Wisecracking American college students David Kessler (David Naughton) and Jack Goodman (Griffin Dunne) backpack over the Yorkshire moors. The lads stop in a one-horse hamlet hoping for some food and a warm place to stay, but are advised to beware the moon and stay on the road. They manage neither, and Jack is ripped to pieces by a huge wolf.
David wakes up in a London hospital, where pretty nurse (Jenny Agutter) takes a special interest in him. He begins having dreams of the macabre and then, is visited by Jack’s corpse, who tells him they were attacked by a werewolf, and now he walks the earth in limbo until the last remaining werewolf – David – is destroyed.
Our hero moves in with the nurse upon his release and receives another annoying visit from the rapidly decaying Jack, who tells his friend he must kill himself before he transforms into a wolf and takes the life of others. David refuses to buy that, but with the coming of the full moon, endures one of the most vivid transformations in film history. Now a wolf prowls the streets of London.

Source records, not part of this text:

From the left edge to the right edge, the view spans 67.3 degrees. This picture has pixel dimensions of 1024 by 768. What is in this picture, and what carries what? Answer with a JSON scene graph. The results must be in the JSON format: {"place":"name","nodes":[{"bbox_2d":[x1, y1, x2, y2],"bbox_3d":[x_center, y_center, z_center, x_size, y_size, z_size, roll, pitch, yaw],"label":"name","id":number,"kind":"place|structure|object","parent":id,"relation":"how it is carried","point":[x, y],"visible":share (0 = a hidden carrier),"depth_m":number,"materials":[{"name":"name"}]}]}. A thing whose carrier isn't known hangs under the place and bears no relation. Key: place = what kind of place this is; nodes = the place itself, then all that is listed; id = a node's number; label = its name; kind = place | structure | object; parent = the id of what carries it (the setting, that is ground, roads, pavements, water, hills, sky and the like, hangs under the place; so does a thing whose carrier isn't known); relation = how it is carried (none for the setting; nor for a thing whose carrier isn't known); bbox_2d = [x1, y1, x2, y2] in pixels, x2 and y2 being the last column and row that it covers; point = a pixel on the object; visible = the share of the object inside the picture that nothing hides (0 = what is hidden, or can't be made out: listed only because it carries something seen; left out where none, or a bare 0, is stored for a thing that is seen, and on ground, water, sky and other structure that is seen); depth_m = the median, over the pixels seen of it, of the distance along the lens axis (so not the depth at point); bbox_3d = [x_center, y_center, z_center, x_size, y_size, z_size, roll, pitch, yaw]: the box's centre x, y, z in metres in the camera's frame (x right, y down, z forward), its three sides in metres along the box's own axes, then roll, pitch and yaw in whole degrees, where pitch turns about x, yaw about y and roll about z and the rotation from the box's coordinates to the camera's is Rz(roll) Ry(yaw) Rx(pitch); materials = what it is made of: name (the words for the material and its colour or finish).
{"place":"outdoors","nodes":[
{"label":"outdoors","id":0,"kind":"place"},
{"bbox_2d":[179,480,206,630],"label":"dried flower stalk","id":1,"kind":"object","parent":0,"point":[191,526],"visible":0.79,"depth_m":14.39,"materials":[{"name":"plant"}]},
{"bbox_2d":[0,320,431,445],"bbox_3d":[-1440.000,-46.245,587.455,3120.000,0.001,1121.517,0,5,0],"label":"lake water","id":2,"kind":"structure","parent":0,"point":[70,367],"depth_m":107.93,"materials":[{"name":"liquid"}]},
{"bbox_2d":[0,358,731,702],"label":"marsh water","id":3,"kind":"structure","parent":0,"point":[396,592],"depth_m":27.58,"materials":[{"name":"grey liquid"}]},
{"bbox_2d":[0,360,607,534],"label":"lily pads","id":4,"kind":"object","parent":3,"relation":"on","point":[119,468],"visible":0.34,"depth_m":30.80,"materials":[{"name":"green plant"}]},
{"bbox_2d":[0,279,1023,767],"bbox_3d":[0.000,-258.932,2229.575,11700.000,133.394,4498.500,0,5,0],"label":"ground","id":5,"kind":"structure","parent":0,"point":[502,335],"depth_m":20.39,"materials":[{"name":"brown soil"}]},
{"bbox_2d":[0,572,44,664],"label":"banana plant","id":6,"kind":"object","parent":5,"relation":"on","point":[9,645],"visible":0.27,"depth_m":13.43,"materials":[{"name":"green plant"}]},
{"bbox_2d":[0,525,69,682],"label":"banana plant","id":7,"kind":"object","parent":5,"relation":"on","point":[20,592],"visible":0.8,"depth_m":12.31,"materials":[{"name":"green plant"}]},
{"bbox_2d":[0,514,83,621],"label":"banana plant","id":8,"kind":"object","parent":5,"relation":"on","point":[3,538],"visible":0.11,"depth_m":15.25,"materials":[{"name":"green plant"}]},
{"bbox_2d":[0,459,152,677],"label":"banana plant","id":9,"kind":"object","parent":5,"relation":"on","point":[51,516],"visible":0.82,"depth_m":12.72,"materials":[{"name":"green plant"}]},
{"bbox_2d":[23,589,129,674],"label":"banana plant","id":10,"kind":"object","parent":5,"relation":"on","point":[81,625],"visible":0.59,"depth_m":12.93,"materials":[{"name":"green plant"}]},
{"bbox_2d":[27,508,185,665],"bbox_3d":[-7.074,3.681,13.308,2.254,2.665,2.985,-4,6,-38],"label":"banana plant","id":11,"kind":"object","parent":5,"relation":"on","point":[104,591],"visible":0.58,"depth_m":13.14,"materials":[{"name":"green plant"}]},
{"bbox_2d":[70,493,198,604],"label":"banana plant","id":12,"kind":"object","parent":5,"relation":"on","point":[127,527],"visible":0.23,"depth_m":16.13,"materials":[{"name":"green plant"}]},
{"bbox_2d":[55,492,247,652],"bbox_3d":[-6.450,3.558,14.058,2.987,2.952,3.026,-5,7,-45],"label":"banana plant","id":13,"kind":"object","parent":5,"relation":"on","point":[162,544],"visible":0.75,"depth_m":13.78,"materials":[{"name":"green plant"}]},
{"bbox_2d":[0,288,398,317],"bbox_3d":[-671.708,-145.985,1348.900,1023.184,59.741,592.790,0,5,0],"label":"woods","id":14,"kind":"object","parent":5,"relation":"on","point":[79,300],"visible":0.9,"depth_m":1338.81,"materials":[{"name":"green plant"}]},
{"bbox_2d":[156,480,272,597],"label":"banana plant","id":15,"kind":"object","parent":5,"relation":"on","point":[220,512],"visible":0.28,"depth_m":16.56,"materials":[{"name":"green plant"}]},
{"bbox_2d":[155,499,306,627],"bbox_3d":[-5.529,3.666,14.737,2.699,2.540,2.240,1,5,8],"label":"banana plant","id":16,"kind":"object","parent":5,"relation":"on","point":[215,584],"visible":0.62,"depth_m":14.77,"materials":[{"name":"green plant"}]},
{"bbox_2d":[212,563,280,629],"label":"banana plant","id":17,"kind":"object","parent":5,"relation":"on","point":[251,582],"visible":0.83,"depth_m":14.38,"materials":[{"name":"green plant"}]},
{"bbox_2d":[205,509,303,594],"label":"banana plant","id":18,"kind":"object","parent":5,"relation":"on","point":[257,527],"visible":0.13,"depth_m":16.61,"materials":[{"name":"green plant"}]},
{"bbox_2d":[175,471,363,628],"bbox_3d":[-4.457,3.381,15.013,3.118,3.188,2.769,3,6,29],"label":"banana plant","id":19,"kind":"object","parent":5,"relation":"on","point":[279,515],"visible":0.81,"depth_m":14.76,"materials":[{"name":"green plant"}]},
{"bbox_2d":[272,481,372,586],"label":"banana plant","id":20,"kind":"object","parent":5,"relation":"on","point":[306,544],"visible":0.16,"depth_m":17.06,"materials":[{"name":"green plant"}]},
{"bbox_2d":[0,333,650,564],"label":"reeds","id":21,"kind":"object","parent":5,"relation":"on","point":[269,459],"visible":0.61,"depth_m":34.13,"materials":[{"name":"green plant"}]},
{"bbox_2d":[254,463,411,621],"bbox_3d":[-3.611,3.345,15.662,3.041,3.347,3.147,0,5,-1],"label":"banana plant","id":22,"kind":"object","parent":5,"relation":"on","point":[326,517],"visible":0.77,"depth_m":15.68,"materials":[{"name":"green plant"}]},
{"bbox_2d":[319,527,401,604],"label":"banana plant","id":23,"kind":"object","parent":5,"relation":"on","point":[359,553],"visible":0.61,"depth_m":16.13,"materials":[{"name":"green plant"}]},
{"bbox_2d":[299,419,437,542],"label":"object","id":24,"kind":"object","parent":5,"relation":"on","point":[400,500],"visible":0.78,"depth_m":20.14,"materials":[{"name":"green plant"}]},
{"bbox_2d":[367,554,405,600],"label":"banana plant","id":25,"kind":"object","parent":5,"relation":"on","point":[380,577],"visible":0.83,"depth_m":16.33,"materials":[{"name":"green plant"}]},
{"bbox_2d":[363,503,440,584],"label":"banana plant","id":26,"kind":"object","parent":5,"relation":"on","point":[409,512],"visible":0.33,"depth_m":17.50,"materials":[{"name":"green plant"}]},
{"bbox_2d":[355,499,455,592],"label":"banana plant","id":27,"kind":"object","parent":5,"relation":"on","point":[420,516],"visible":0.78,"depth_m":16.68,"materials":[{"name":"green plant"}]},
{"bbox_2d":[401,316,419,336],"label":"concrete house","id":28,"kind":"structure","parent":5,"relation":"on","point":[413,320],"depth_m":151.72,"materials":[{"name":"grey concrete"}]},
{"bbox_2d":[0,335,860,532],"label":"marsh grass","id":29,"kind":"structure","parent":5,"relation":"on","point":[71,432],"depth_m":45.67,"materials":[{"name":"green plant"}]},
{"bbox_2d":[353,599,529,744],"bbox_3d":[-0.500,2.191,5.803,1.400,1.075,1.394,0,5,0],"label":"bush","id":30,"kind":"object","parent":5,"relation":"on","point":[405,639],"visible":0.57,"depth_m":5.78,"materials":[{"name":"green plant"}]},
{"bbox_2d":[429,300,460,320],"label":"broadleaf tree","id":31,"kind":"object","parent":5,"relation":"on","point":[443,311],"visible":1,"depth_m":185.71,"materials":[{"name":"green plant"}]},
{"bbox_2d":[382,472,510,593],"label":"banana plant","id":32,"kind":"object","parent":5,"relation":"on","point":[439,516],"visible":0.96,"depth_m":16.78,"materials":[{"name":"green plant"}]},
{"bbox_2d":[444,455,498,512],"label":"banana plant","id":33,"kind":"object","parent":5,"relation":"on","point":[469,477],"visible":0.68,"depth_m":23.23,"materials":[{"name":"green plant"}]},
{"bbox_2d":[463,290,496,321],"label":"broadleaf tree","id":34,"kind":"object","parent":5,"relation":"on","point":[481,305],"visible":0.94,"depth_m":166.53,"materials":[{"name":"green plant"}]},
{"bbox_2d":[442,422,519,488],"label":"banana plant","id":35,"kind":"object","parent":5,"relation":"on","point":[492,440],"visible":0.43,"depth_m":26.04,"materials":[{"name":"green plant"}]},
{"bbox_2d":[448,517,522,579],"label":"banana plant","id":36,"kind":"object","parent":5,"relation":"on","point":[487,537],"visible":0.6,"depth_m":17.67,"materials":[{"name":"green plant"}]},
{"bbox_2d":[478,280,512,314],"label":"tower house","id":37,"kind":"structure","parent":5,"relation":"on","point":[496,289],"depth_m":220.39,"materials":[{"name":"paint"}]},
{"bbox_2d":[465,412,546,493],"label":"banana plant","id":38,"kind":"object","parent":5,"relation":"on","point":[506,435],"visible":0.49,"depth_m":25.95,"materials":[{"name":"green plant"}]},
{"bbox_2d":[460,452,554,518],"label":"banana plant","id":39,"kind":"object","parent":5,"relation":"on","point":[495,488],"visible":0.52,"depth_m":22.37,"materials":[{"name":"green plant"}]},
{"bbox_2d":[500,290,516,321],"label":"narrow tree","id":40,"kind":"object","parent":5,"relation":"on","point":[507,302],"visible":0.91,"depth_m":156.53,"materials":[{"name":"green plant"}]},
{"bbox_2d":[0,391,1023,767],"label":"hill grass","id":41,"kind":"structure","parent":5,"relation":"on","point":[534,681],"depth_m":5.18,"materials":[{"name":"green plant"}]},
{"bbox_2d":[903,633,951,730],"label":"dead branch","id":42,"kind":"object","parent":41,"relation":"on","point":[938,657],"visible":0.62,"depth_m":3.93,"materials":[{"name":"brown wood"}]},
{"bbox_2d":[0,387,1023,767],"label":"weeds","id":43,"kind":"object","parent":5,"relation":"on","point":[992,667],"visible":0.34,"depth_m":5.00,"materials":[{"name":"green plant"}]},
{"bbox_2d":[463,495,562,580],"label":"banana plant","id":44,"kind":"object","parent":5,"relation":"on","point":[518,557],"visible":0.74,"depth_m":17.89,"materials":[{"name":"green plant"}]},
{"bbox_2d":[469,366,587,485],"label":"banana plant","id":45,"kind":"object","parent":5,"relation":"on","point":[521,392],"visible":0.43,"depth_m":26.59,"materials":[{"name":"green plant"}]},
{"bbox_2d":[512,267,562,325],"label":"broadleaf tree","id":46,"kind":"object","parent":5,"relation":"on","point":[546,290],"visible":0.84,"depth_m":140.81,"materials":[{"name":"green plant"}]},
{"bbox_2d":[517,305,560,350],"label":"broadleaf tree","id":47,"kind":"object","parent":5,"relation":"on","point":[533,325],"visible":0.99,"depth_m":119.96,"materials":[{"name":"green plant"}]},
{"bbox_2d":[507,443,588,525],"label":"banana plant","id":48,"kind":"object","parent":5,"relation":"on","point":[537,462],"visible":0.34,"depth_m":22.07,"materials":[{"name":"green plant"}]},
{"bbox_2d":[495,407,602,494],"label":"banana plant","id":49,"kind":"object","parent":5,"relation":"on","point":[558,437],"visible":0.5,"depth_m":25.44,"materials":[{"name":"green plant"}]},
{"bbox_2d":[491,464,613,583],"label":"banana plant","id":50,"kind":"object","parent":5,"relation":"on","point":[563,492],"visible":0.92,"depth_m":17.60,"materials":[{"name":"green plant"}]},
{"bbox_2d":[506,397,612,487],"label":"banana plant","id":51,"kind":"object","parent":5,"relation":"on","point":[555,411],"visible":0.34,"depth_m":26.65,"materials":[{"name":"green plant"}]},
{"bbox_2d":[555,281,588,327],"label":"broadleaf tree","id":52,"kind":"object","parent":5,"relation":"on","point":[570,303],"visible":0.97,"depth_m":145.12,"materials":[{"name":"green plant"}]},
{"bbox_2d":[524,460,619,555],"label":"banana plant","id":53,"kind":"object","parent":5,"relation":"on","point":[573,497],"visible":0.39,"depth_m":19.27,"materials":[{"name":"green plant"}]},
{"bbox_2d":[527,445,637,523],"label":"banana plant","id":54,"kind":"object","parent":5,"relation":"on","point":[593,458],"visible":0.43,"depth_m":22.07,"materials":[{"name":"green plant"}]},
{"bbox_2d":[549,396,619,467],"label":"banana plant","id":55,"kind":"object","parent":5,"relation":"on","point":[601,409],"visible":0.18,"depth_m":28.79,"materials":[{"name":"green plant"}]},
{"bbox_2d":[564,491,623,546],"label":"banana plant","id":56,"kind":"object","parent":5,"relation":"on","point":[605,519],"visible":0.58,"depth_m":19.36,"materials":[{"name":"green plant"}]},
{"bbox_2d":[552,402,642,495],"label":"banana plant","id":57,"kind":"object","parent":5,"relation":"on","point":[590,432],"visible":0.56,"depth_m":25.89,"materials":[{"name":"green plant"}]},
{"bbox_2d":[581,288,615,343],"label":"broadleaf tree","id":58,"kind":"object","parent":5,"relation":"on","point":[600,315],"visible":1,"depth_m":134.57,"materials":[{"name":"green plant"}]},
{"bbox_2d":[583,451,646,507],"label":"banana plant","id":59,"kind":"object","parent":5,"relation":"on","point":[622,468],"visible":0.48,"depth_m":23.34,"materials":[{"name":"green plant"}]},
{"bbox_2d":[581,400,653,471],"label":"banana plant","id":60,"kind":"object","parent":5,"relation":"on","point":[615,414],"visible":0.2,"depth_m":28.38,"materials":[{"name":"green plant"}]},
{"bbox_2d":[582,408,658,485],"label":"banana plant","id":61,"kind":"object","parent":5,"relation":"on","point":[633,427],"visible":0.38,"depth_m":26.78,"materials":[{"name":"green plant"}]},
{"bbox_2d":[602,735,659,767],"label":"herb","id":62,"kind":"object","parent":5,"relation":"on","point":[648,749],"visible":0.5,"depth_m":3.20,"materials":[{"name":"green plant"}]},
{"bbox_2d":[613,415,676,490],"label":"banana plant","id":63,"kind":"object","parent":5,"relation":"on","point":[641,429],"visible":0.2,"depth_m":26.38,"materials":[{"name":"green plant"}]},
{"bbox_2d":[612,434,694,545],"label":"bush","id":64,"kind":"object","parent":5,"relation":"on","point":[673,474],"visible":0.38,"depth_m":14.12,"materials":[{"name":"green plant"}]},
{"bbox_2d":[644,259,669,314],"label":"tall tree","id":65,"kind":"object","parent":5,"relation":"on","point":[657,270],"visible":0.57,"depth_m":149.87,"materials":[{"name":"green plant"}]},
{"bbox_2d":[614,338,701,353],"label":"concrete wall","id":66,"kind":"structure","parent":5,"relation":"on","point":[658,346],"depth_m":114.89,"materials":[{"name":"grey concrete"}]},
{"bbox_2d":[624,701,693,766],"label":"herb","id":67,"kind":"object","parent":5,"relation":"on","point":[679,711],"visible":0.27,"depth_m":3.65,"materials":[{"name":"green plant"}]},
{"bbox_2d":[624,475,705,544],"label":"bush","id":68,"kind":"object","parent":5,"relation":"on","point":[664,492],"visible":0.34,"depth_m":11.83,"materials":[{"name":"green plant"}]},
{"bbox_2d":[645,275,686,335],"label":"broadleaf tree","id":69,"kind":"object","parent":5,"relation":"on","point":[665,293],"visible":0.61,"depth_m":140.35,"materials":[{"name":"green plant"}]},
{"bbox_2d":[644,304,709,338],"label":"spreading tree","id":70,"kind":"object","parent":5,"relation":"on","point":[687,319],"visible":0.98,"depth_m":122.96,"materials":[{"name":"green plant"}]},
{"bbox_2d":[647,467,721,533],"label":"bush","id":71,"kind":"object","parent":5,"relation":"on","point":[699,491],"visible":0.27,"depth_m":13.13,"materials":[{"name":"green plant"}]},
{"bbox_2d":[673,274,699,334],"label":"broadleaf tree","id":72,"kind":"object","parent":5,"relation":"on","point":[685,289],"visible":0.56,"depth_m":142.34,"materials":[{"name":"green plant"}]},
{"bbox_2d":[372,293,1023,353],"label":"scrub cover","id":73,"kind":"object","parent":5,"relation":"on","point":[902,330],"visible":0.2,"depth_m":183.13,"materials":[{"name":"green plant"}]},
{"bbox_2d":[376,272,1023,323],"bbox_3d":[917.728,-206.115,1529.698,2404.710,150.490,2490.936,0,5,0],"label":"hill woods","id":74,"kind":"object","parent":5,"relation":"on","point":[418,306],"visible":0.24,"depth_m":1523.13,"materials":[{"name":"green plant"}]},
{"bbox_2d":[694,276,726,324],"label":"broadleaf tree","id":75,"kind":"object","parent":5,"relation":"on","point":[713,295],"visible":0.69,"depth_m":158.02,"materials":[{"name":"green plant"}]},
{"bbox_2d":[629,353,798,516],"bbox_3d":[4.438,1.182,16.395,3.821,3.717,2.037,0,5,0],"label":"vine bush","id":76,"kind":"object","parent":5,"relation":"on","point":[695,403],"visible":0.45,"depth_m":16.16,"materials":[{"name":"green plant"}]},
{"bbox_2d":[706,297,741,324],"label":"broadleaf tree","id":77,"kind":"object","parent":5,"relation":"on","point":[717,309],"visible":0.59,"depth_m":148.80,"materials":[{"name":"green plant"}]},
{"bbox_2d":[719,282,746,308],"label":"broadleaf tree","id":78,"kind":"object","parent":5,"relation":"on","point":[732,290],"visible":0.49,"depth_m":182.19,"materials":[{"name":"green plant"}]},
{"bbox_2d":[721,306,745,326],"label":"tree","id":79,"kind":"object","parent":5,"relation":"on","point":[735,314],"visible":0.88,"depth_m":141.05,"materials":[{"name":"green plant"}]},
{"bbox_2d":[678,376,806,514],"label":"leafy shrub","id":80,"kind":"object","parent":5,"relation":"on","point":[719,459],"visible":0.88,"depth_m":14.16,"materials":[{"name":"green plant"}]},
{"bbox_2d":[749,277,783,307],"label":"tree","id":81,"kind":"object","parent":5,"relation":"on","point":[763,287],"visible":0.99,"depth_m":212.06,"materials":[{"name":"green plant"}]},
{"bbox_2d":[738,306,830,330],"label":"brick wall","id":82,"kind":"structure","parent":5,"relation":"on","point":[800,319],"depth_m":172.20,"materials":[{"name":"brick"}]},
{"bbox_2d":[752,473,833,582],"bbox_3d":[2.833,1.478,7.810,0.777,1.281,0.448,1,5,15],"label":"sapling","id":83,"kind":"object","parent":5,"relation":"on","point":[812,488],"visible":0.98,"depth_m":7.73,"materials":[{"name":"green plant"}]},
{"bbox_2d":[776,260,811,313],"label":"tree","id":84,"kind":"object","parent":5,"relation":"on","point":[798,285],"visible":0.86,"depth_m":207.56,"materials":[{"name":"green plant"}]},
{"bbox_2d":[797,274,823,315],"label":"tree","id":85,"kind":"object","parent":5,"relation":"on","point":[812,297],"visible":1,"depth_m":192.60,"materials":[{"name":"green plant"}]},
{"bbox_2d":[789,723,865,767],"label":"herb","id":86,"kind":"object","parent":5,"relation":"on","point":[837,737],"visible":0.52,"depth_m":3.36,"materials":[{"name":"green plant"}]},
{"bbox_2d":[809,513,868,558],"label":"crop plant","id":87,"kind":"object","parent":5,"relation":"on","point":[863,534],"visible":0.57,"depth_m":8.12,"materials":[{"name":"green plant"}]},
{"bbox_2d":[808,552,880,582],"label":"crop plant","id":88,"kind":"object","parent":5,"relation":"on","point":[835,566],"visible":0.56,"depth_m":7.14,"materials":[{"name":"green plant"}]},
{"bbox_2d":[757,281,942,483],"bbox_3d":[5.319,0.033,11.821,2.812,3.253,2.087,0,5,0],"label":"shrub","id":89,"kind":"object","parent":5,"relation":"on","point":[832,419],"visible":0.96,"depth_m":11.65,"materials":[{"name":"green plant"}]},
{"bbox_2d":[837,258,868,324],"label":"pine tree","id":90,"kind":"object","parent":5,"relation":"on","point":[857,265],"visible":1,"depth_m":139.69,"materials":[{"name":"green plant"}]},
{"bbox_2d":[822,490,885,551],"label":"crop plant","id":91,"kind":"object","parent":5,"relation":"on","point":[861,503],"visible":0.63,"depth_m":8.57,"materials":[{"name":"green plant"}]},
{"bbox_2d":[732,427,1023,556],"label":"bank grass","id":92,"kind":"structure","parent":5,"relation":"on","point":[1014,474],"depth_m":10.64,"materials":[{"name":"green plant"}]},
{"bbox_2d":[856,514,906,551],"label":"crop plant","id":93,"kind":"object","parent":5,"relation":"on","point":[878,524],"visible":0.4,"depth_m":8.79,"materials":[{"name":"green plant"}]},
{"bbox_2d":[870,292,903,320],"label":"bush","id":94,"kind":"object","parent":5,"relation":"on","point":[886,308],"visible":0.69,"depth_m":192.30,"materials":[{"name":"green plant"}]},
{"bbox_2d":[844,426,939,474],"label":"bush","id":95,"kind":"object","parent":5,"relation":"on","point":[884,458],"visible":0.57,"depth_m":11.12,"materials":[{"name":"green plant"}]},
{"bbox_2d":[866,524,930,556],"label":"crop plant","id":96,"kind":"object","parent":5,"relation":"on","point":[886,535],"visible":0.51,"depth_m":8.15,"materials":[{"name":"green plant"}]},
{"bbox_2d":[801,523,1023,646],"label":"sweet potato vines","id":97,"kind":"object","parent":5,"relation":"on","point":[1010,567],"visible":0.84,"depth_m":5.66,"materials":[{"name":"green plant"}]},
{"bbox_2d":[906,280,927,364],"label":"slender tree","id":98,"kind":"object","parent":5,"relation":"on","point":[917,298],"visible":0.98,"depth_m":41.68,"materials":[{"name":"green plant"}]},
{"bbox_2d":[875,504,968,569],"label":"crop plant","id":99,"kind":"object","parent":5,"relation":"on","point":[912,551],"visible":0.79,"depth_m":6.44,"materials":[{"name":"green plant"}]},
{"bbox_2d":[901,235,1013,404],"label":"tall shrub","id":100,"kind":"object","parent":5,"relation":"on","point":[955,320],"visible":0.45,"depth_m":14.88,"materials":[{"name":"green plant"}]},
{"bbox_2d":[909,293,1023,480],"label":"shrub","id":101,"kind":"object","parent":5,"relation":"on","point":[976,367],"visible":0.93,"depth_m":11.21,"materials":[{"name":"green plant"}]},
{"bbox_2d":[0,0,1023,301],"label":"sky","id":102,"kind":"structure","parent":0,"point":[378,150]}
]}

Written and directed by John Landis, who completed the script in 1969, but was told that it was either too funny to be scary, or too scary to be funny. The box office receipts of National Lampoon’s Animal House and The Blues Brothers convinced Universal that maybe Landis knew what he was doing.
While indeed funny, An American Werewolf In London has a flakiness that too often ruins the potential impact of the story. Instead of focusing on David, Jack and the werewolf, Landis dispatches a doctor (John Woodvine) totally devoid of personality back to the hamlet to snoop around, a subplot that goes nowhere and adds nothing.
And some fetching nurse bringing a patient home who’s seeing visions of his dead friend doesn’t really wash either. A werewolf running riot in Piccadilly Circus is actually more believable than that. There’s a lot of fluff here – like David’s half-hearted attempt to get arrested – that plays like Otter and Pinto from Delta House concocted this thing as they hiked through Europe.

An American Werewolf In London is a classic because when it’s time for it to deliver, it does so with style and ingenuity. Because of this movie, the Academy added a Best Makeup category, and Rick Baker became the first special effects artist to win an Oscar. The effects that transform Naughton into a werewolf had never been attempted on camera before, and stand to this day as a marveling technical achievement.
By treating the story as realistically as possible, Landis balances the scares and the laughs better than a long line of imitators have been able to. Instead of venturing off into cartoon, the film feels real. Griffin Dunne has a lot to do with that, giving a smarmy, Joe College performance that is pitch perfect with the style Landis was going for.
David Naughton had made an impression on Landis by singing and dancing in Dr. Pepper commercials in the late ’70s, but this role was the highlight of his film career. He’s actually all right. The opening scenes on the moors are beautifully done, and along with Griffin Dunne’s performance and maestro Baker’s makeup, enable the movie to coast over its weaker sections.